- **What needs to be done**
Could you return all of the entries below exactly, minus the pictures?
***** Information supplied
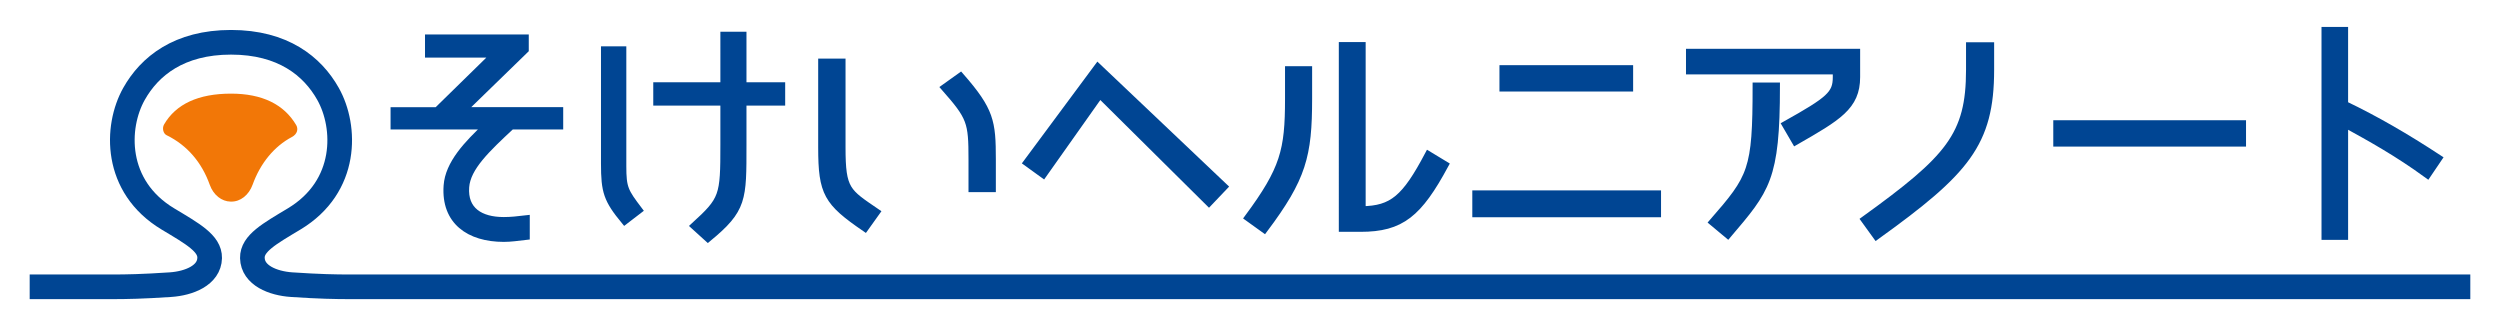 <?xml version="1.0" encoding="utf-8"?>
<!-- Generator: Adobe Illustrator 25.2.3, SVG Export Plug-In . SVG Version: 6.00 Build 0)  -->
<svg version="1.1" id="レイヤー_1" xmlns="http://www.w3.org/2000/svg" xmlns:xlink="http://www.w3.org/1999/xlink" x="0px"
	 y="0px" viewBox="0 0 460 60" style="enable-background:new 0 0 460 60;" xml:space="preserve">
<style type="text/css">
	.st0{fill:#004593;stroke:#004593;stroke-width:1.332;stroke-miterlimit:10;}
	.st1{fill:#F27707;}
	.st2{fill:none;stroke:#004593;stroke-width:4.535;stroke-miterlimit:10;}
</style>
<g>
	<g>
		<path class="st0" d="M85.665,34.403c-0.324,4.349,2.729,6.2,7.03,6.2
			c1.388,0,2.498-0.139,4.116-0.324v3.192c-1.618,0.185-2.821,0.37-4.116,0.37
			c-6.336,0-10.869-3.146-10.406-9.669c0.277-4.025,3.7-7.634,7.308-11.011
			H72.53v-2.776h7.909L91.123,9.928H78.867V7.013H96.627v2.128l-11.563,11.243h17.899
			v2.776h-8.88C89.504,27.417,85.943,30.794,85.665,34.403z"/>
		<path class="st0" d="M111.247,30.1V9.188h3.33v21.375
			c0,4.072,0.37,4.673,2.96,8.097l-2.59,1.989
			C111.709,36.716,111.247,35.282,111.247,30.1z M143.807,15.804v2.961h-7.122v7.865
			c0,10.086,0.092,11.844-6.429,17.211l-2.497-2.267
			c5.319-4.858,5.457-5.413,5.457-14.944v-7.865h-12.349v-2.961h12.349V6.505h3.469
			v9.299H143.807z"/>
		<path class="st0" d="M151.212,27.139V11.455h3.7v15.684
			c0,7.865,0.925,8.189,6.336,11.89l-2.082,2.915
			C152.23,37.179,151.212,35.56,151.212,27.139z M173.829,16.128l2.914-2.082
			c5.504,6.292,5.827,8.328,5.827,15.268v5.367h-3.7v-5.367
			C178.87,22.374,178.593,21.541,173.829,16.128z"/>
		<path class="st0" d="M191.964,32.09l-3.006-2.174l13.042-17.581l23.218,22.023
			l-2.775,2.915l-20.073-19.895L191.964,32.09z"/>
		<path class="st0" d="M232.624,42.176l-2.96-2.128c6.568-8.883,7.446-12.353,7.446-21.838
			v-5.367h3.654v5.32C240.764,28.666,239.7,32.737,232.624,42.176z M262.825,28.481
			l3.053,1.851c-4.856,8.976-8.048,11.659-15.54,11.659h-3.33V8.401h3.607
			v30.212C256.211,38.521,258.57,36.531,262.825,28.481z"/>
		<path class="st0" d="M304.964,35.698v3.609h-33.393v-3.609H304.964z M276.566,16.174v-3.516
			h23.264v3.516H276.566z"/>
		<path class="st0" d="M337.9,14.184v-1.156h-27.011V9.651h30.711v4.534
			c0,5.413-3.423,7.357-11.239,11.844l-1.804-3.099
			C336.651,18.395,337.9,17.331,337.9,14.184z M323.146,15.85h3.7
			c0,17.118-1.85,19.016-8.926,27.343l-2.775-2.314
			C322.359,32.598,323.146,31.396,323.146,15.85z"/>
		<path class="st0" d="M362.416,12.843V8.448h3.839v4.395
			c0,13.556-4.533,18.738-20.998,30.582l-2.174-3.007
			C358.67,29.175,362.416,24.919,362.416,12.843z"/>
		<path class="st0" d="M378.47,22.79h34.133v3.516H378.47V22.79z"/>
		<path class="st0" d="M448.683,29.129l-2.035,3.007c-5.596-4.072-10.314-6.662-15.263-9.392
			v20.727h-3.561V5.626h3.561v13.602C437.259,22.05,442.671,25.196,448.683,29.129z"/>
	</g>
	<g>
		<g>
			<path class="st1" d="M54.502,23.017c-2.264-3.841-6.299-5.789-11.994-5.789
				c-5.996,0-10.141,1.909-12.322,5.675c-0.388,0.67-0.153,1.669,0.454,1.965
				c3.899,1.9,6.527,5.13,7.954,9.129c0.674,1.889,2.196,3.073,3.842,3.098
				c0.031,0,0.062,0.001,0.093,0.001c1.692,0.026,3.256-1.185,3.955-3.123
				c1.415-3.918,3.944-7.023,7.209-8.757
				C54.767,24.655,54.892,23.683,54.502,23.017z"/>
		</g>
		<g>
			<path class="st2" d="M5.461,52.773h15.318h-0h-0.089
				c2.551,0,5.515-0.05,10.668-0.396c3.42-0.229,7.154-1.703,7.22-4.914
				c0.055-2.689-3.148-4.453-7.679-7.174c-9.949-5.977-9.654-16.943-6.245-23.008
				c2.865-5.098,8.296-9.5,17.854-9.5h0h-0h0
				c9.557,0,14.988,4.402,17.854,9.5c3.409,6.065,3.705,17.031-6.245,23.008
				c-4.531,2.722-7.734,4.486-7.679,7.174c0.065,3.211,3.799,4.685,7.22,4.914
				c5.154,0.345,8.117,0.396,10.668,0.396h390.213H205.049"/>
		</g>
	</g>
</g>
</svg>
**********
- **Exercise answer**
 <?xml version="1.0" encoding="utf-8"?>
<!-- Generator: Adobe Illustrator 25.2.3, SVG Export Plug-In . SVG Version: 6.00 Build 0)  -->
<svg version="1.1" id="レイヤー_1" xmlns="http://www.w3.org/2000/svg" xmlns:xlink="http://www.w3.org/1999/xlink" x="0px"
	 y="0px" viewBox="0 0 460 60" style="enable-background:new 0 0 460 60;" xml:space="preserve">
<style type="text/css">
	.st0{fill:#004593;stroke:#004593;stroke-width:1.332;stroke-miterlimit:10;}
	.st1{fill:#F27707;}
	.st2{fill:none;stroke:#004593;stroke-width:4.535;stroke-miterlimit:10;}
</style>
<g>
	<g>
		<path class="st0" d="M85.665,34.403c-0.324,4.349,2.729,6.2,7.03,6.2
			c1.388,0,2.498-0.139,4.116-0.324v3.192c-1.618,0.185-2.821,0.37-4.116,0.37
			c-6.336,0-10.869-3.146-10.406-9.669c0.277-4.025,3.7-7.634,7.308-11.011
			H72.53v-2.776h7.909L91.123,9.928H78.867V7.013H96.627v2.128l-11.563,11.243h17.899
			v2.776h-8.88C89.504,27.417,85.943,30.794,85.665,34.403z"/>
		<path class="st0" d="M111.247,30.1V9.188h3.33v21.375
			c0,4.072,0.37,4.673,2.96,8.097l-2.59,1.989
			C111.709,36.716,111.247,35.282,111.247,30.1z M143.807,15.804v2.961h-7.122v7.865
			c0,10.086,0.092,11.844-6.429,17.211l-2.497-2.267
			c5.319-4.858,5.457-5.413,5.457-14.944v-7.865h-12.349v-2.961h12.349V6.505h3.469
			v9.299H143.807z"/>
		<path class="st0" d="M151.212,27.139V11.455h3.7v15.684
			c0,7.865,0.925,8.189,6.336,11.89l-2.082,2.915
			C152.23,37.179,151.212,35.56,151.212,27.139z M173.829,16.128l2.914-2.082
			c5.504,6.292,5.827,8.328,5.827,15.268v5.367h-3.7v-5.367
			C178.87,22.374,178.593,21.541,173.829,16.128z"/>
		<path class="st0" d="M191.964,32.09l-3.006-2.174l13.042-17.581l23.218,22.023
			l-2.775,2.915l-20.073-19.895L191.964,32.09z"/>
		<path class="st0" d="M232.624,42.176l-2.96-2.128c6.568-8.883,7.446-12.353,7.446-21.838
			v-5.367h3.654v5.32C240.764,28.666,239.7,32.737,232.624,42.176z M262.825,28.481
			l3.053,1.851c-4.856,8.976-8.048,11.659-15.54,11.659h-3.33V8.401h3.607
			v30.212C256.211,38.521,258.57,36.531,262.825,28.481z"/>
		<path class="st0" d="M304.964,35.698v3.609h-33.393v-3.609H304.964z M276.566,16.174v-3.516
			h23.264v3.516H276.566z"/>
		<path class="st0" d="M337.9,14.184v-1.156h-27.011V9.651h30.711v4.534
			c0,5.413-3.423,7.357-11.239,11.844l-1.804-3.099
			C336.651,18.395,337.9,17.331,337.9,14.184z M323.146,15.85h3.7
			c0,17.118-1.85,19.016-8.926,27.343l-2.775-2.314
			C322.359,32.598,323.146,31.396,323.146,15.85z"/>
		<path class="st0" d="M362.416,12.843V8.448h3.839v4.395
			c0,13.556-4.533,18.738-20.998,30.582l-2.174-3.007
			C358.67,29.175,362.416,24.919,362.416,12.843z"/>
		<path class="st0" d="M378.47,22.79h34.133v3.516H378.47V22.79z"/>
		<path class="st0" d="M448.683,29.129l-2.035,3.007c-5.596-4.072-10.314-6.662-15.263-9.392
			v20.727h-3.561V5.626h3.561v13.602C437.259,22.05,442.671,25.196,448.683,29.129z"/>
	</g>
	<g>
		<g>
			<path class="st1" d="M54.502,23.017c-2.264-3.841-6.299-5.789-11.994-5.789
				c-5.996,0-10.141,1.909-12.322,5.675c-0.388,0.67-0.153,1.669,0.454,1.965
				c3.899,1.9,6.527,5.13,7.954,9.129c0.674,1.889,2.196,3.073,3.842,3.098
				c0.031,0,0.062,0.001,0.093,0.001c1.692,0.026,3.256-1.185,3.955-3.123
				c1.415-3.918,3.944-7.023,7.209-8.757
				C54.767,24.655,54.892,23.683,54.502,23.017z"/>
		</g>
		<g>
			<path class="st2" d="M5.461,52.773h15.318h-0h-0.089
				c2.551,0,5.515-0.05,10.668-0.396c3.42-0.229,7.154-1.703,7.22-4.914
				c0.055-2.689-3.148-4.453-7.679-7.174c-9.949-5.977-9.654-16.943-6.245-23.008
				c2.865-5.098,8.296-9.5,17.854-9.5h0h-0h0
				c9.557,0,14.988,4.402,17.854,9.5c3.409,6.065,3.705,17.031-6.245,23.008
				c-4.531,2.722-7.734,4.486-7.679,7.174c0.065,3.211,3.799,4.685,7.22,4.914
				c5.154,0.345,8.117,0.396,10.668,0.396h390.213H205.049"/>
		</g>
	</g>
</g>
</svg>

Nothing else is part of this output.